The central negative aspect of repression psychology is that it does not address any deeper issues that may be causing distress in someone's life, such as unresolved trauma or long-term mental health issues that need attention and treatment.

Additionally, studies show that suppressing these thoughts and experiences can lead to further psychological problems if left unresolved for too long. They can eventually resurface as intrusive thoughts or sudden breakdowns at unexpected moments when triggered unexpectedly by something in the environment or an internal thought pattern.

Lastly, repressing one's feelings can lead to unhealthy coping strategies such as substance abuse, avoidance behaviors, self-harm, etc., which will only intensify psychological distress rather than address its underlying root cause(s).

A neuroscientific view of repression psychology

At the neurobiological level, studies show that the hippocampus is integral to remembering experiences or events. To suppress these memories, this research shows that another part of your brain (the lateral prefrontal cortex) must disengage the hippocampal activation to inhibit memory recall. In other words, recalling intrusive memories causes the brain to influence unwanted memories. 

The influence of emotions on memory alteration and suppression

Researchers have also developed theories about how memory can be altered during traumatic events. For example, they've concluded that the amygdala is likely to trigger the brain to recall unpleasant or traumatic memories, which can create the experience of reliving the event. This means that emotions play an integral part in altering memories as they are stored in our brains and can even cause our brains to repress specific memories associated with negative emotions actively. 

Furthermore, research has shown that stress hormones such as cortisol play key roles in suppressing memories associated with negative experiences or events.
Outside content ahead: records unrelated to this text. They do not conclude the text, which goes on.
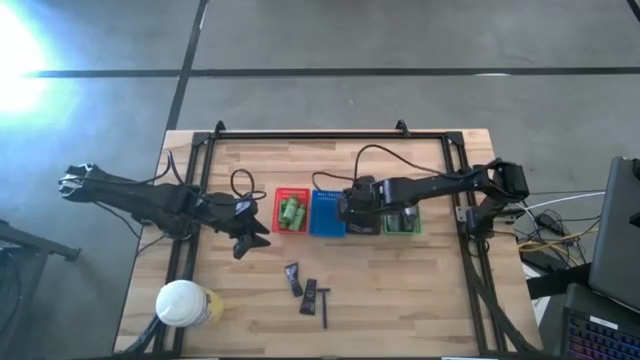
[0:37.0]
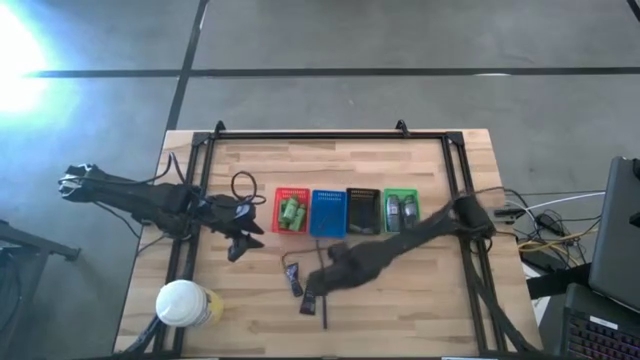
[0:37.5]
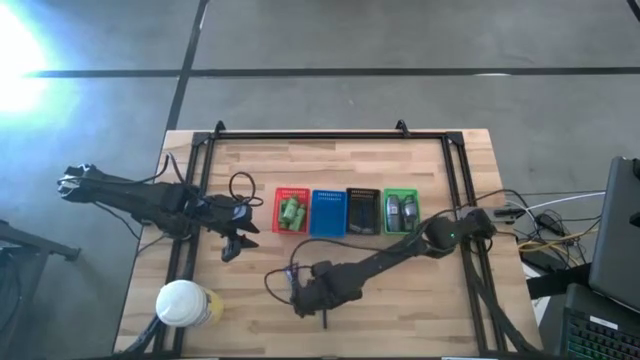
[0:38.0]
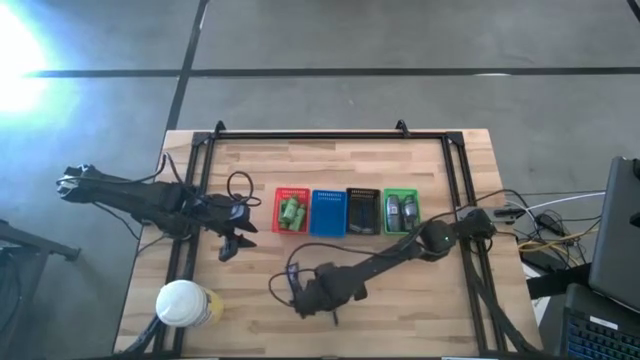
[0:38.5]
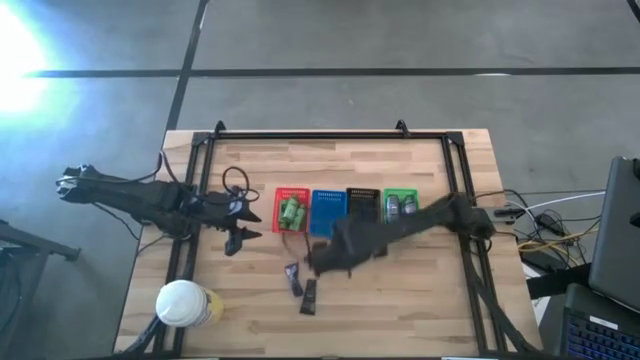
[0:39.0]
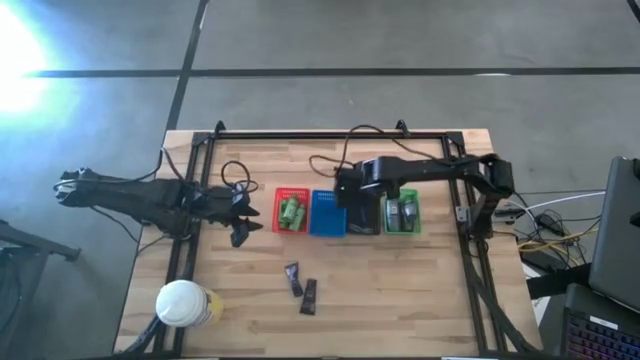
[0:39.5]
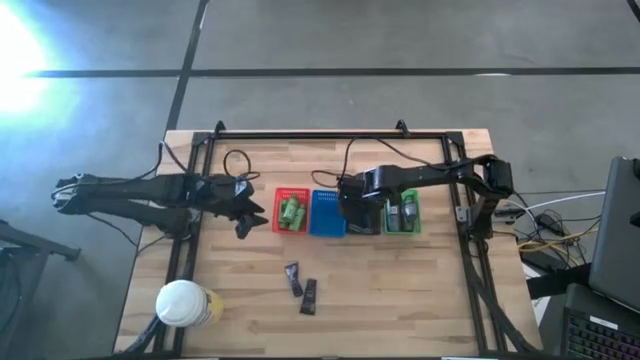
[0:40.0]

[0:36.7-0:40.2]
Put the blue razor into the black bin

Cortisol helps manage stress responses by blocking certain areas of our brain that store information about traumatic events. As such, high cortisol levels can lead to increased suppression, making it difficult to remember those experiences or events over time. 
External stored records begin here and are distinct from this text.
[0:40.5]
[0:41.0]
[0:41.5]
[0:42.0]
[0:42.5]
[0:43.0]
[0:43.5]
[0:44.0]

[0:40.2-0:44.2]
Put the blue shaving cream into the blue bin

Repression in contemporary psychology

The concept of repression is something that modern psychologists are continuously exploring. Through therapeutic techniques such as hypnosis, therapists help patients delve into their subconscious to uncover forgotten life events. While this type of therapy offers potential benefits, some individuals question the reliability and accuracy it can provide - raising concerns about creating false memories along the way.

In the late 20th century, hypnosis was often used to unlock trauma-induced repressed memories in individuals claiming sexual abuse. Unfortunately, over time it became apparent that these supposedly "lost" recollections could be easily manipulated under hypnotic suggestion - leading many psychologists today to believe they are far less common than initially believed and cannot ever truly be recovered once forgotten or gone for good.
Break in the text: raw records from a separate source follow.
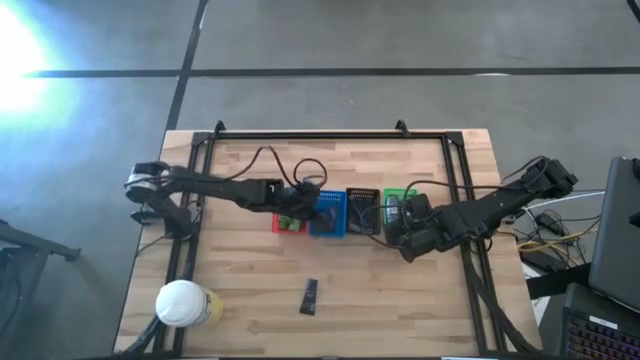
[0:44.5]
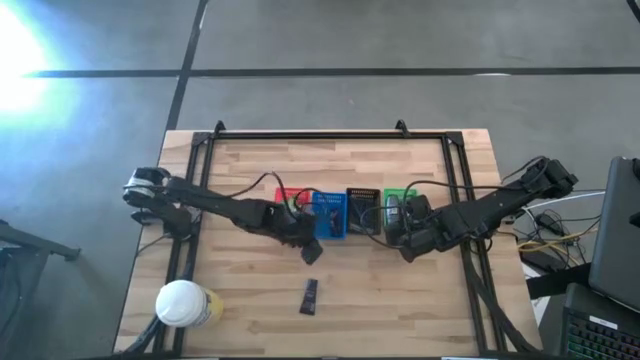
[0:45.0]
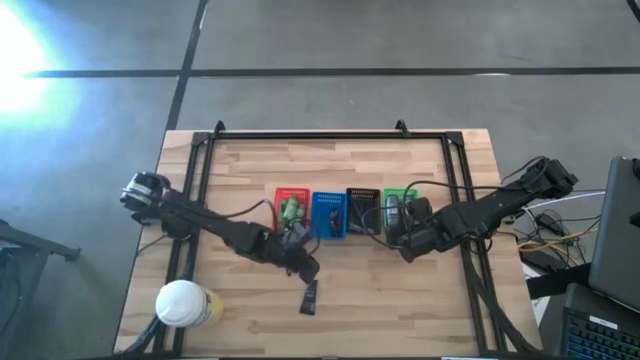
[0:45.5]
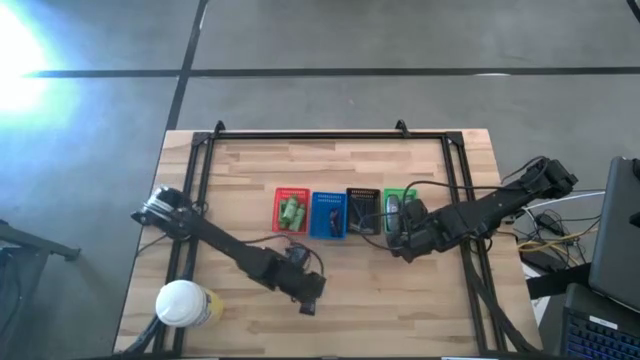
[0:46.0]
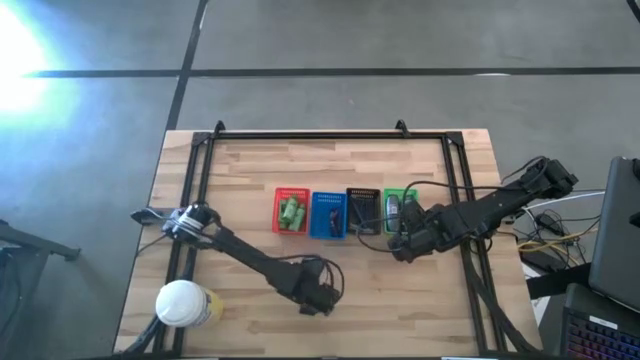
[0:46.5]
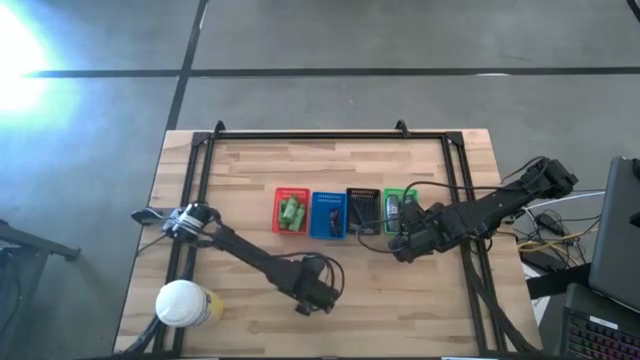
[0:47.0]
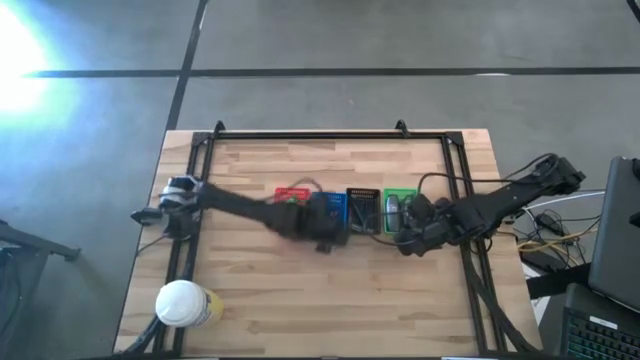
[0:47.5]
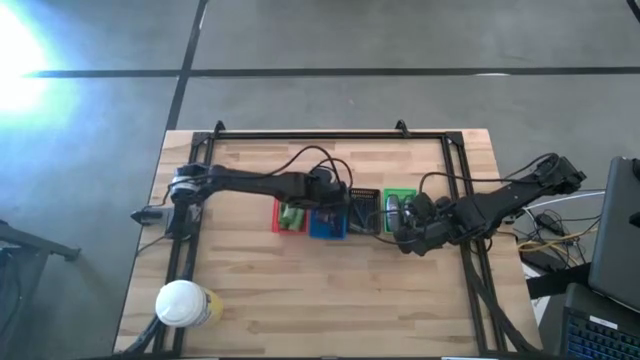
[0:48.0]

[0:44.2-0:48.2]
Put the blue shaving cream into the blue bin

Repression vs. suppression

Repression refers to forgetting about an event or experience due to overwhelming trauma or distress. This can be done unconsciously; people may not even realize their minds are repressing specific memories or experiences until they become aware of them in therapy or other self-exploration. It is believed that repression helps defend people from experiencing too much distress from traumatic events, allowing them to cope better than if they remembered every single detail of a said event. 

Conversely, suppression involves actively trying to forget about something one has experienced or thought. Unlike repression, which happens unconsciously, suppression is a conscious effort to ignore thoughts, feelings, and desires that may cause discomfort or embarrassment. People who engage in this defense mechanism are aware of the feeling or memory but consciously choose not to focus on it as a way of dealing with it.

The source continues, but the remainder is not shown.